Sin embargo, es sabido que no basta pertenecer a cualquiera de los segmentos a los que, a guisa de ejemplo, se ha hecho alusión anteladamente, sino que es preciso, para recibir la protección del derecho fundamental a la seguridad personal, que el riesgo al que éstas u otras personas se vean enfrentadas sea excepcional, característica específica relacionada con su magnitud, al punto que quien lo padece no esté jurídicamente obligado a tolerarlo, por lo que es del resorte de las autoridades hacer valoración de la situación concreta, a efectos de determinar si el mismo posee tal intensidad.

Resulta oportuno indicar que, una vez identificado el riesgo en el grado de excepcional, cuentan las autoridades con un margen de discrecionalidad para adoptar las correspondientes medidas de seguridad, por lo que deben hacer con especial diligencia todo cuanto esté a su alcance, para proveer la seguridad requerida por estos sujetos de especial protección, como manifestación de sus deberes constitucionales esenciales.

La Corte Constitucional en diversos pronunciamientos, entre ellos el contenido en la sentencia T- 719 de 2003, ha señalado algunas características que deben ser tenidas en cuenta como criterios identificadores del anotado grado de riesgo; a saber: “(1) debe ser específico e individualizable, es decir, no debe tratarse de un riesgo genérico;

(ii) debe ser concreto, es decir, estar basado en acciones o hechos particulares y manifiestos, y no en suposiciones abstractas; (iii) debe ser presente, esto es no remoto ni eventual; (iv) debe ser importante, es decir, que amenace con lesionar bienes o intereses jurídicos valiosos para el sujeto, por lo cual no puede tratarse de un riesgo menor;

(v) debe ser un riesgo serio, de materialización probable por las circunstancias del caso, por lo cual no puede ser improbable; (vi) debe tratarse de un riesgo claro y discernible, no de una contingencia o peligro difuso; (vii) debe ser un riesgo excepcional, en la medida en que no es uno que deba ser soportado por la generalidad de los individuos; y (viii) debe ser desproporcionado, frente a los beneficios que deriva la persona de la situación por la cual se genera el riesgo”.
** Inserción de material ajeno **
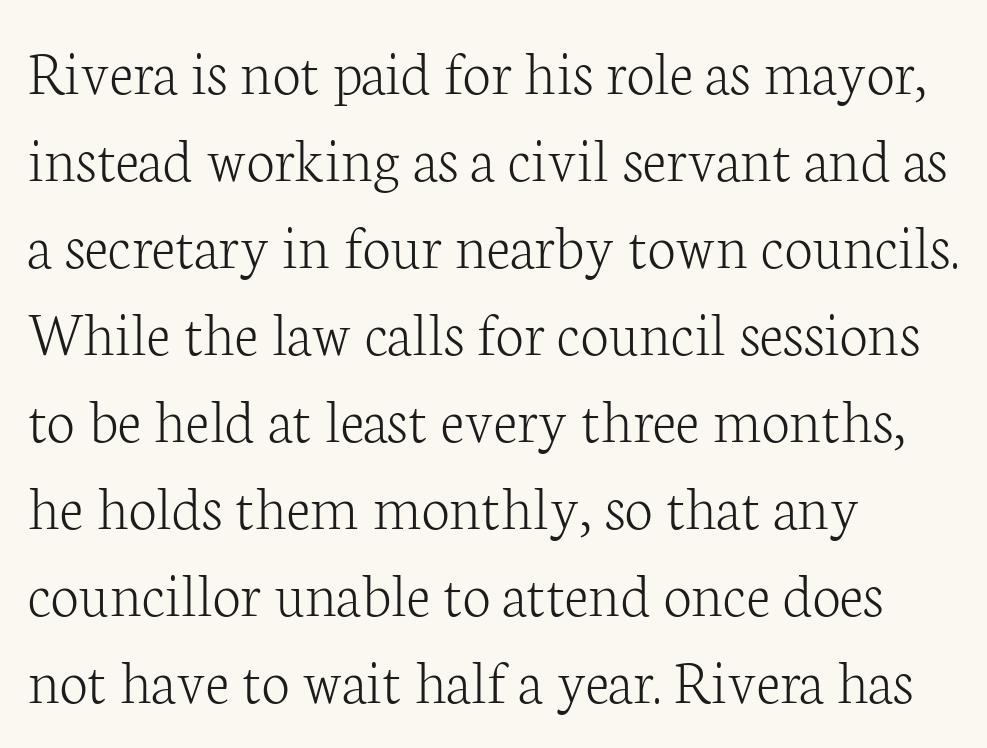
Q: Is the text bold? A: No.
Q: Is the text italic (slanted)? A: No, it is upright.
Q: Is the typeface a serif or a sans-serif typeface? A: Serif.
Q: Is the text underlined? A: No.
Q: How is the paragraph aligned? A: Left-aligned.
Q: Is the spacing between letters normal or unusually wide? A: Normal.
Q: Is the spacing between lines tight, normal or loose? A: Normal.
Q: Width (condensed, normal, or wide)? A: Normal.
Q: Stroke contrast? A: Low.
Q: x-height? A: Medium.
Q: Monospaced? A: No.
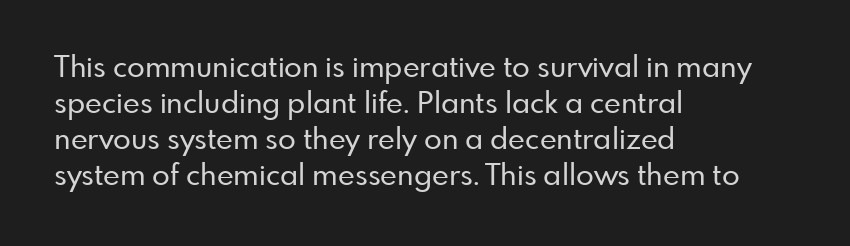
The image shows 29 px sans-serif type, upright; set left-aligned, line spacing 1.24x, normal letter spacing, not underlined; low stroke contrast and a small x-height.
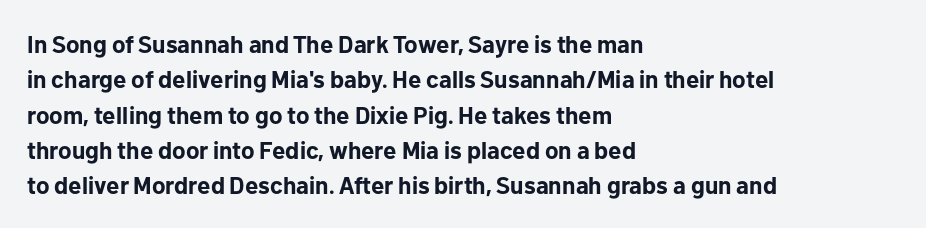
Q: Is the text bold? A: Yes.
Q: Is the text italic (slanted)? A: No, it is upright.
Q: Is the text underlined? A: No.
Q: How is the paragraph aligned? A: Left-aligned.
Q: Is the spacing between letters normal or unusually wide? A: Normal.
Q: Is the spacing between lines tight, normal or loose? A: Normal.

Ha sostenido, igualmente, esa Corporación, que “…si el riesgo, además de las características mencionadas, comporta los requisitos adicionales de tratarse de un riesgo grave e inminente y estar dirigido contra la vida o la integridad de la persona, con el propósito evidente de violentar tales derechos, se trata de un nivel de riesgo extremo.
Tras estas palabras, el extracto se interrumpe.